About this task
Copy all of the entries that follow, exactly.

** Dataset records follows **

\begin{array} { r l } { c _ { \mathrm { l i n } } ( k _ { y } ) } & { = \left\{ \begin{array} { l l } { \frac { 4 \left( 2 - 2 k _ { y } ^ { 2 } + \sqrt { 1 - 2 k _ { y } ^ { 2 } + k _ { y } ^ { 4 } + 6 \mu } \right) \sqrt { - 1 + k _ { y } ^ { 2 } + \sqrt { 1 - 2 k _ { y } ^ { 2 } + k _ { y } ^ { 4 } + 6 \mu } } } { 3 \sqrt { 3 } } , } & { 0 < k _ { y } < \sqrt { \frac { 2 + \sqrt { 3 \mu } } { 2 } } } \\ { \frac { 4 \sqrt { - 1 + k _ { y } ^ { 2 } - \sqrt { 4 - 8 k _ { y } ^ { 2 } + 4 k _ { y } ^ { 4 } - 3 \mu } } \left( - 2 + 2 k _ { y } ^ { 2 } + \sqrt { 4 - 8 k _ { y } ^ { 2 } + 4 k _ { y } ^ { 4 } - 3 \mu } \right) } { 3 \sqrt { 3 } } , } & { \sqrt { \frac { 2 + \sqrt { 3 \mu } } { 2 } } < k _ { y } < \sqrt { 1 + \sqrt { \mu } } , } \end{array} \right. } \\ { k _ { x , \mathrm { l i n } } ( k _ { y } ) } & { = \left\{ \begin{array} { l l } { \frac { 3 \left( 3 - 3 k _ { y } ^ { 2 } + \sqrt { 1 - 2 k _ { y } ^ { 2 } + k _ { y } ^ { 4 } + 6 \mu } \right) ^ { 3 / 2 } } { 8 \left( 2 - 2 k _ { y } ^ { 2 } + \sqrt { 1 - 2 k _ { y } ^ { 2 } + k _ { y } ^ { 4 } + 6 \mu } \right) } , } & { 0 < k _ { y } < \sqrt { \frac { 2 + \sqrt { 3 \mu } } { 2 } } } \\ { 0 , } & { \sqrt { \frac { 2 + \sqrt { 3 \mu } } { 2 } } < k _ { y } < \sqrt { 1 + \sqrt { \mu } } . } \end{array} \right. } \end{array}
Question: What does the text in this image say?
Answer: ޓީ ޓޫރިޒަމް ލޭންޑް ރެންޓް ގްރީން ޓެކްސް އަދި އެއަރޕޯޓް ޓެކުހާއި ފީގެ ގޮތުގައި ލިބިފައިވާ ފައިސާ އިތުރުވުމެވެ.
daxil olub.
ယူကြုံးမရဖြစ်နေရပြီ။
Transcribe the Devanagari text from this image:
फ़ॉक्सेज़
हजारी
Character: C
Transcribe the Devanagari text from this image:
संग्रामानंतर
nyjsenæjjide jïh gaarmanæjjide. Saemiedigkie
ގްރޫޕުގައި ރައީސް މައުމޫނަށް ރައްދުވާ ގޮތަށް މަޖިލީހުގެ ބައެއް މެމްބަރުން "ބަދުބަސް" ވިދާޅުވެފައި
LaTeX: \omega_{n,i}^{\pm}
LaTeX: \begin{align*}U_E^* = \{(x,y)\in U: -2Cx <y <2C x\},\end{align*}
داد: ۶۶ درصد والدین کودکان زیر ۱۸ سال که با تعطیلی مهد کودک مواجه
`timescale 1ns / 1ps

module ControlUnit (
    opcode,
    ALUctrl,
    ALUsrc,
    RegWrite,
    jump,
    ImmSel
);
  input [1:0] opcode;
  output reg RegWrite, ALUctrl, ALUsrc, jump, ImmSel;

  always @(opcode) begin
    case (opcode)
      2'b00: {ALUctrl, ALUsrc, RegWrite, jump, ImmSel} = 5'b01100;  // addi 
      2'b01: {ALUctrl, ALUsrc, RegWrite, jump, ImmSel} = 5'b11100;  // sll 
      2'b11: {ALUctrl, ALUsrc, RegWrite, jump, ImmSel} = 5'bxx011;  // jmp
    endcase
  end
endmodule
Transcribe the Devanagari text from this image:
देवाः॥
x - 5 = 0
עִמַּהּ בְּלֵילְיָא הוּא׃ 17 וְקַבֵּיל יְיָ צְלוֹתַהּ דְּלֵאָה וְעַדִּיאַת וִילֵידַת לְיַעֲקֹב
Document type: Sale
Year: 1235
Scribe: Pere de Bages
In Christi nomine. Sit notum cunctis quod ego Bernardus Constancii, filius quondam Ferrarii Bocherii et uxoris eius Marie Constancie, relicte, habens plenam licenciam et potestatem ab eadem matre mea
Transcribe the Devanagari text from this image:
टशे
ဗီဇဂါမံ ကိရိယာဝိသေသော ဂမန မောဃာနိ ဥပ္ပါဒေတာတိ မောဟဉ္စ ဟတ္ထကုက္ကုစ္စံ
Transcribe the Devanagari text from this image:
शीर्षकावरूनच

** End of Dataset records **

Result of this task
\begin{array} { r l } { c _ { \mathrm { l i n } } ( k _ { y } ) } & { = \left\{ \begin{array} { l l } { \frac { 4 \left( 2 - 2 k _ { y } ^ { 2 } + \sqrt { 1 - 2 k _ { y } ^ { 2 } + k _ { y } ^ { 4 } + 6 \mu } \right) \sqrt { - 1 + k _ { y } ^ { 2 } + \sqrt { 1 - 2 k _ { y } ^ { 2 } + k _ { y } ^ { 4 } + 6 \mu } } } { 3 \sqrt { 3 } } , } & { 0 < k _ { y } < \sqrt { \frac { 2 + \sqrt { 3 \mu } } { 2 } } } \\ { \frac { 4 \sqrt { - 1 + k _ { y } ^ { 2 } - \sqrt { 4 - 8 k _ { y } ^ { 2 } + 4 k _ { y } ^ { 4 } - 3 \mu } } \left( - 2 + 2 k _ { y } ^ { 2 } + \sqrt { 4 - 8 k _ { y } ^ { 2 } + 4 k _ { y } ^ { 4 } - 3 \mu } \right) } { 3 \sqrt { 3 } } , } & { \sqrt { \frac { 2 + \sqrt { 3 \mu } } { 2 } } < k _ { y } < \sqrt { 1 + \sqrt { \mu } } , } \end{array} \right. } \\ { k _ { x , \mathrm { l i n } } ( k _ { y } ) } & { = \left\{ \begin{array} { l l } { \frac { 3 \left( 3 - 3 k _ { y } ^ { 2 } + \sqrt { 1 - 2 k _ { y } ^ { 2 } + k _ { y } ^ { 4 } + 6 \mu } \right) ^ { 3 / 2 } } { 8 \left( 2 - 2 k _ { y } ^ { 2 } + \sqrt { 1 - 2 k _ { y } ^ { 2 } + k _ { y } ^ { 4 } + 6 \mu } \right) } , } & { 0 < k _ { y } < \sqrt { \frac { 2 + \sqrt { 3 \mu } } { 2 } } } \\ { 0 , } & { \sqrt { \frac { 2 + \sqrt { 3 \mu } } { 2 } } < k _ { y } < \sqrt { 1 + \sqrt { \mu } } . } \end{array} \right. } \end{array}
Question: What does the text in this image say?
Answer: ޓީ ޓޫރިޒަމް ލޭންޑް ރެންޓް ގްރީން ޓެކްސް އަދި އެއަރޕޯޓް ޓެކުހާއި ފީގެ ގޮތުގައި ލިބިފައިވާ ފައިސާ އިތުރުވުމެވެ.
daxil olub.
ယူကြုံးမရဖြစ်နေရပြီ။
Transcribe the Devanagari text from this image:
फ़ॉक्सेज़
हजारी
Character: C
Transcribe the Devanagari text from this image:
संग्रामानंतर
nyjsenæjjide jïh gaarmanæjjide. Saemiedigkie
ގްރޫޕުގައި ރައީސް މައުމޫނަށް ރައްދުވާ ގޮތަށް މަޖިލީހުގެ ބައެއް މެމްބަރުން "ބަދުބަސް" ވިދާޅުވެފައި
LaTeX: \omega_{n,i}^{\pm}
LaTeX: \begin{align*}U_E^* = \{(x,y)\in U: -2Cx <y <2C x\},\end{align*}
داد: ۶۶ درصد والدین کودکان زیر ۱۸ سال که با تعطیلی مهد کودک مواجه
`timescale 1ns / 1ps

module ControlUnit (
    opcode,
    ALUctrl,
    ALUsrc,
    RegWrite,
    jump,
    ImmSel
);
  input [1:0] opcode;
  output reg RegWrite, ALUctrl, ALUsrc, jump, ImmSel;

  always @(opcode) begin
    case (opcode)
      2'b00: {ALUctrl, ALUsrc, RegWrite, jump, ImmSel} = 5'b01100;  // addi 
      2'b01: {ALUctrl, ALUsrc, RegWrite, jump, ImmSel} = 5'b11100;  // sll 
      2'b11: {ALUctrl, ALUsrc, RegWrite, jump, ImmSel} = 5'bxx011;  // jmp
    endcase
  end
endmodule
Transcribe the Devanagari text from this image:
देवाः॥
x - 5 = 0
עִמַּהּ בְּלֵילְיָא הוּא׃ 17 וְקַבֵּיל יְיָ צְלוֹתַהּ דְּלֵאָה וְעַדִּיאַת וִילֵידַת לְיַעֲקֹב
Document type: Sale
Year: 1235
Scribe: Pere de Bages
In Christi nomine. Sit notum cunctis quod ego Bernardus Constancii, filius quondam Ferrarii Bocherii et uxoris eius Marie Constancie, relicte, habens plenam licenciam et potestatem ab eadem matre mea
Transcribe the Devanagari text from this image:
टशे
ဗီဇဂါမံ ကိရိယာဝိသေသော ဂမန မောဃာနိ ဥပ္ပါဒေတာတိ မောဟဉ္စ ဟတ္ထကုက္ကုစ္စံ
Transcribe the Devanagari text from this image:
शीर्षकावरूनच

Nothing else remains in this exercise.